A COSA SERVE L’ELETTRONEGATIVITÀ

Ora che abbiamo parlato in lungo e in largo di elettronegatività veniamo a qualcosa di più pratico, e cioè quando è che questo concetto si usa nella Chimica? Cominciamo con il dire che moltissime proprietà delle molecole possono essere descritte in termini di elettronegatività quindi per motivi di spazio non starò ad elencarle tutte. Facciamo giusto 2 esempi che si incontrano più di frequente.

Polarità

La polarità o meno di una molecola può essere facilmente interpretata e prevista andando proprio a tirare in ballo l’elettronegatività. Usando la scala di Pauling si è osservato che quasi in tutte le molecole dove si ha una differenza di elettronegatività di almeno una coppia di atomi superiore a 0,5 quel legame darà origine a un dipolo.

Per capire meglio il concetto prendiamo come esempio proprio la molecola di acido cloridrico:

Abbiamo detto che sperimentalmente in questa molecola si riesce a misurare un dipolo elettrico dato dalla distribuzione asimmetrica di cariche, una parziale carica positiva sull’atomo di H e una parziale carica negativa sul Cl. Per quanto descritto fino adesso questa molecola viene catalogata come molecola “polare”.

Possiamo in qualche modo prevedere a tavolino la polarità di una molecola senza dover per forza andare a determinare sperimentalmente il suo dipolo elettrico? La risposta è , se ci affidiamo all’elettronegatività.

In particolare dicevamo che se una coppia di atomi legati tra di loro presenta una differenza di elettronegatività maggiore di 0,5 allora quel legame si potrà definire polare.
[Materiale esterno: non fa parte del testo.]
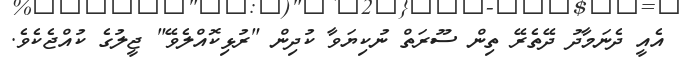
އެއީ ދެނަމާދު ދޭތެރޭ ތިން ސޫރަތް ނުކިޔަވާ ކުދިން "ރުޅިކޮއްލެވޭ" ޖީލުގެ ކުއްޖެކެވެ.
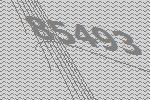
85493
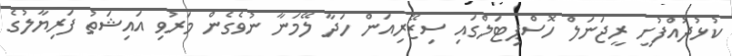
ކުޅުދުއްފުށީ ރީޖަނަލް ހޮސްޕިޓަލްގައި ސިޒޭރިއަން ހަދާ ލޭމަނާ ނުވެގެން މަރުވި އައިޝަތު ފަރިޔާލުގެ

Nella scala di Pauling i valori di elettronegatività per H e Cl sono: 2,2 e 3,16.

Facendo la differenza tra il valore maggiore e quello minore quello che otteniamo è:

3,16-2,20 = 0,96

Siccome questo valore è maggiore di 0,5 possiamo affermare che il legame Cl-H è sempre un legame polare.

In questo caso specifico dove abbiamo solo un legame e questo è polare allora anche la molecola nella sua interezza sarà polare, bisogna però dire che la polarità di una molecola dipende sì dalla differenza di elettronegatività dei legami ma è una condizione necessaria ma non sufficiente. Per decidere se una molecola nella sua interezza è polare bisogna andare a osservare anche la sua geometria tramite la teoria VSEPR.
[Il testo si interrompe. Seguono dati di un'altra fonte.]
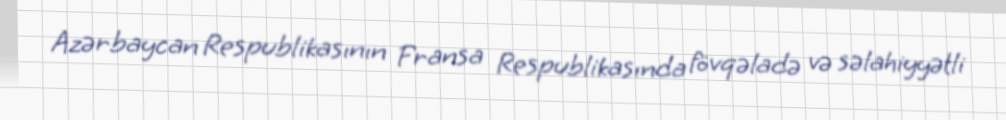
Azərbaycan Respublikasının Fransa Respublikasında fövqəladə və səlahiyyətli
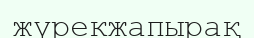
жүрекжапырақ
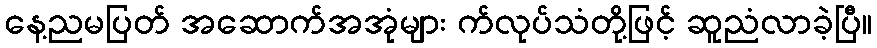
နေ့ညမပြတ် အဆောက်အအုံများ က်လုပ်သံတို့ဖြင့် ဆူညံလာခဲ့ပြီ။
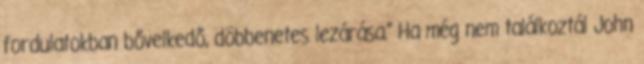
fordulatokban bővelkedő, döbbenetes lezárása." Ha még nem találkoztál John
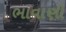
ભાવાણી
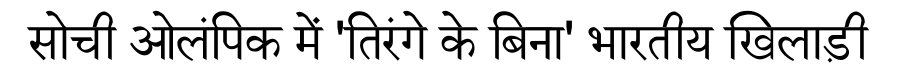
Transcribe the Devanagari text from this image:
सोची ओलंपिक में 'तिरंगे के बिना' भारतीय खिलाड़ी
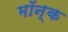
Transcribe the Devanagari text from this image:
मॉन्क
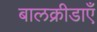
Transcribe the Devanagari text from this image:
बालक्रीडाएँ
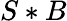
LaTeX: S*B
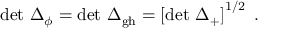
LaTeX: \operatorname * { d e t } \, \Delta _ { \phi } = \operatorname * { d e t } \, \Delta _ { \mathrm { g h } } = \left[ \operatorname * { d e t } \, \Delta _ { + } \right] ^ { 1 / 2 } \ .
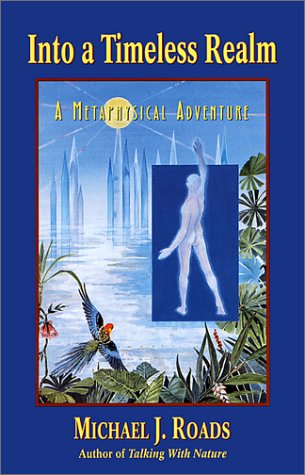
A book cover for Into a Timeless Realm: A Metaphysical Adventure; Michael J. Roads; Biographies & Memoirs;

ACIDITà DEI COMPOSTI ORGANICI

Una delle applicazioni più importanti in Chimica Organica per quanto riguarda il concetto di elettronegatività è senza ombra di dubbio la descrizione dell’acidità dei vari composti. Prendiamo come esempio l’acido acetico e l’acido trifluoroacetico.

Acido acetico

pKa = 4,76

Acido trifluoroacetico

pKa = -0,25

Questi 2 acidi sono molto simili tra di loro, l’unica differenza è data dal fatto che uno presenta 3 atomi di Fluoro al posto dei 3 atomi di Idrogeno a cui siamo abituati. Questo cambiamento ha un effetto sulle proprietà della molecola?

Per queste molecole sono state anche rappresentate le pKa, cioè un valore che descrive quanto un composto è acido, più questo valore è basso e più il composto è acido. Ricordiamoci che la variazione di un’unità di pKa corrisposte a un fattore x10 visto che la lettera “p” messa davanti a Ka indica una scala logaritmica in base 10.
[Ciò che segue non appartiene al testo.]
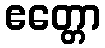
ဧတ္တော
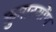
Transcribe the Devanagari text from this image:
कुमास्योंण
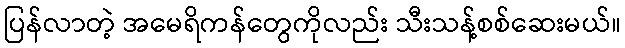
ပြန်လာတဲ့ အမေရိကန်တွေကိုလည်း သီးသန့်စစ်ဆေးမယ်။
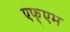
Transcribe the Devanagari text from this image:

Notiamo che tra l’acido acetico e il trifluoroacetico c’è una differenza di pKa di circa 4 e questo significa che l’acido trifluoroacetico è quasi 10.000 volte più acido dell’acido acetico. Questi sono i dati sperimentali ma come interpretiamo tale risultato? Ovviamente facendo ricorso al concetto di elettronegatività si riesce a spiegare in maniera semplice questo fatto.

Sappiamo che un acido è tanto più forte quanto più stabile è l’anione che si crea dopo aver perso un H+, in questo caso dalla dissociazione acida di questi 2 composti otteniamo i seguenti anioni:

Anione acetato
Anione trifluoroacetato

Se l’acido trifluoro acetico è un acido più forte allora significa che l’anione che si crea è più stabile rispetto all’anione acetato. Questo fatto può essere spiegato immaginando che la carica negativa che si viene a formare sull’atomo di O sia parzialmente delocalizzata anche sugli atomi di F che essendo molto elettronegativi tendono ad attrarre a sè densità elettronica.

Siccome gli atomi di H sono meno elettronegativi rispetto al Fluoro allora l’anione acetato è meno stabile visto che la carica negativa avrà meno possibilità di delocalizzarsi anche sugli atomi di H. Più una carica è delocalizzata e più la molecola che la contiene è più stabile.